The most interesting question was how Mozilla and other open source model their finance. One of their financing opportunities comes from Google, where the a contractual relationship is based on the integrated web search tool (when you press control+k, the cursor will focuses on it). Despite other details mentioned, the striking thing that came out was that the deal was motivated from a growing amount of Firefox users, using Google as their main search engine. I found it very impressive that Mozilla captured business opportunities while trying to keep their services and products community centric.
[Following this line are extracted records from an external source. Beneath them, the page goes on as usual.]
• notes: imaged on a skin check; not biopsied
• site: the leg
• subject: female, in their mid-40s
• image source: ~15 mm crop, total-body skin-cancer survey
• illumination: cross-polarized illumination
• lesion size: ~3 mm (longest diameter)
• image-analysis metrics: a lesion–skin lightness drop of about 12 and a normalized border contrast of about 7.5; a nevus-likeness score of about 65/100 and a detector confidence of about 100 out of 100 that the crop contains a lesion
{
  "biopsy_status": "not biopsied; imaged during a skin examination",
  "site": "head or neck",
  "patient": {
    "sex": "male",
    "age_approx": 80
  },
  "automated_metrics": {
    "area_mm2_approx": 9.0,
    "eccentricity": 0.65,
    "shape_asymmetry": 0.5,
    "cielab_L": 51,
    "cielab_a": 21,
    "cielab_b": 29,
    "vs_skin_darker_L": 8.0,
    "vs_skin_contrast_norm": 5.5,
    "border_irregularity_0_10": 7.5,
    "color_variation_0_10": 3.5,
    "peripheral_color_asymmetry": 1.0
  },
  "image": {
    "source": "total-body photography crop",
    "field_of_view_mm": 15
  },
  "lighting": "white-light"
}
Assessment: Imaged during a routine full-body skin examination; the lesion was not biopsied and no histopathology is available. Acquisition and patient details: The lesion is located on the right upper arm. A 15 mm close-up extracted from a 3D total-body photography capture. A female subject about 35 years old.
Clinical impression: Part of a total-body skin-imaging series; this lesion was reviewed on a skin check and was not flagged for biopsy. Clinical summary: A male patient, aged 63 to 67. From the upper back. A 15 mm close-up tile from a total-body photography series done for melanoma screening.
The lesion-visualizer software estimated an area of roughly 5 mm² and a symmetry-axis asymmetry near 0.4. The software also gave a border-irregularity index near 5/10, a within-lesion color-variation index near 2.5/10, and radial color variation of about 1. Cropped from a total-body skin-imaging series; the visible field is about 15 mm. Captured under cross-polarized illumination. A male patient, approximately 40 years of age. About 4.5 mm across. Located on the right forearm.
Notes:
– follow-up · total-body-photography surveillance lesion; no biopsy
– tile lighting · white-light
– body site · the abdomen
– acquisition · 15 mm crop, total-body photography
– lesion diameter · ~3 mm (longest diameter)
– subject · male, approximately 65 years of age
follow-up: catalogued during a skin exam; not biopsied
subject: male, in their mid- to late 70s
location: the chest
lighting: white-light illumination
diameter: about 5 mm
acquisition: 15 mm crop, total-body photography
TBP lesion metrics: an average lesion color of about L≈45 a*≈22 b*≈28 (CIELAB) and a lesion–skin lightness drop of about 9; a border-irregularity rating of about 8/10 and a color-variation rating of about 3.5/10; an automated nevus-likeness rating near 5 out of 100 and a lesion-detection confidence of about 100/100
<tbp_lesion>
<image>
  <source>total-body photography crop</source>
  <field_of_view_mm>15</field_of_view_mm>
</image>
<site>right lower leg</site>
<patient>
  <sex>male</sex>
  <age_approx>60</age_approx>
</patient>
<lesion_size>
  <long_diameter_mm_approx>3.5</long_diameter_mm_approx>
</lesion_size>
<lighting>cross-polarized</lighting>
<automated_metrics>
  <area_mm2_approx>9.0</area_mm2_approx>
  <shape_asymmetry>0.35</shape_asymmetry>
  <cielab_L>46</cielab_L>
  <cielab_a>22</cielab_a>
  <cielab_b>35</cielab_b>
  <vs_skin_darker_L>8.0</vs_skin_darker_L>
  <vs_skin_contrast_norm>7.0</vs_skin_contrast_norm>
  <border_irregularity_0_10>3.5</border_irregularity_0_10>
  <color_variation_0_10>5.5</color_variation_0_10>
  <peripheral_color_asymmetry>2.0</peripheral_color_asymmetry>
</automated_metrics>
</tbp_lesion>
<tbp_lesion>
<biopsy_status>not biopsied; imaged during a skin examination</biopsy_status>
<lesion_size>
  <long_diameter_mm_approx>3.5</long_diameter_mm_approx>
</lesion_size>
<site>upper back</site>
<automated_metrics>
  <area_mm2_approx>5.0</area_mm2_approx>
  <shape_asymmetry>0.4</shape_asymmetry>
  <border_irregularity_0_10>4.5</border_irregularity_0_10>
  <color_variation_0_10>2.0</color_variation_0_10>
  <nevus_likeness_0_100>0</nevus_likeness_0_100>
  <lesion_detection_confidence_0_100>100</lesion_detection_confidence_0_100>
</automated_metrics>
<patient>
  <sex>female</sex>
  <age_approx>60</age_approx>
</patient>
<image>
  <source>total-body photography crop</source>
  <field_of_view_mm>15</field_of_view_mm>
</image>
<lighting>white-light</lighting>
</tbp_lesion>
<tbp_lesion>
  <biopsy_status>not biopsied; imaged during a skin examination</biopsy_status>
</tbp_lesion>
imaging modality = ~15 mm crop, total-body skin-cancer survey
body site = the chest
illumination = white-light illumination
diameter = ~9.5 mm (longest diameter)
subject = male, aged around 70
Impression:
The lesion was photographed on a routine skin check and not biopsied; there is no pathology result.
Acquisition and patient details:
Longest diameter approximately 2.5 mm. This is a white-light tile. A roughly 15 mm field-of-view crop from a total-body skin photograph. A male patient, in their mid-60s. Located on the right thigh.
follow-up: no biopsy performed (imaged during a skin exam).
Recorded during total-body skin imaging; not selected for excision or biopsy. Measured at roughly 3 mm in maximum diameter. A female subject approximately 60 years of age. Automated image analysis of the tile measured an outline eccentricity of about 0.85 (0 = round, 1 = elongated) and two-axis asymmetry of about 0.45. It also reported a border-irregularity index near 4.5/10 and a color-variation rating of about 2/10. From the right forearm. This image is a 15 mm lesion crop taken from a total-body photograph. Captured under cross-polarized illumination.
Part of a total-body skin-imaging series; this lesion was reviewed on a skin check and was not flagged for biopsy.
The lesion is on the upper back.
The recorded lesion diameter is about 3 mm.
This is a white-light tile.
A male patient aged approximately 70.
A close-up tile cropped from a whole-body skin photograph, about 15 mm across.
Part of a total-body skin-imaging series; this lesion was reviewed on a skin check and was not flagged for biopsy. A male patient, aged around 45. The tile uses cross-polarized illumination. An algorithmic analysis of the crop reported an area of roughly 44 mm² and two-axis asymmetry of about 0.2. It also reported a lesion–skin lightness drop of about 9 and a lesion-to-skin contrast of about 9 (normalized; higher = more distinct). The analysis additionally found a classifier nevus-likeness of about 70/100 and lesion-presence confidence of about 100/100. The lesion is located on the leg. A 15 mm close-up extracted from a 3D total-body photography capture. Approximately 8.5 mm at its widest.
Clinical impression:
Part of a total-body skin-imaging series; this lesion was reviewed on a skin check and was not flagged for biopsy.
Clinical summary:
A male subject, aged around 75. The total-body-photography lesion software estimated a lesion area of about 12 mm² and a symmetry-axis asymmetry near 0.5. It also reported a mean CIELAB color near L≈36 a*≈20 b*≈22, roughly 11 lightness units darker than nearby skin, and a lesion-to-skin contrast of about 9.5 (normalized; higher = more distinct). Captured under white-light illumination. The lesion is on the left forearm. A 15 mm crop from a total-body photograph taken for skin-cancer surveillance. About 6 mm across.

The community centric theme, later returned from a discussion related to forking. Forking is a term used to describe software that is based on another piece of software – in terms of source code and package but has been modified to be distinct. Examples are Iceweasel and Flock forking Firefox. During the discussion, David Humphrey shared his open source project experience. Humphrey and Chris Tyler (I believe he is also working on this Project or is at least a major contributor) are attempting to package a Mozilla Development Kit on DVD for future students. This kit comes with everything a student needs to do Mozilla Development. Humphrey informed us about his failed attempts to get help and support from the Visual Studio Team so that their tools could be included into the kit. Essentially, the problem with the Visual Studio Team was over licensing concerns and other related issues.
The point that I got out if it was that with the open source model, the path for innovation is much easier which means the community has the advantage. This reminded me of Bob Young’s discussion over this years FSOSS and how the open source model benefits products and services that reaches out to a large community or that it contains a community centric theme…
So right now I am hoping and praying that the Open Office community becomes bigger and better so that their product line catches up to and increase in quality over MS Office because right now the MS Office market and software is kicking butt!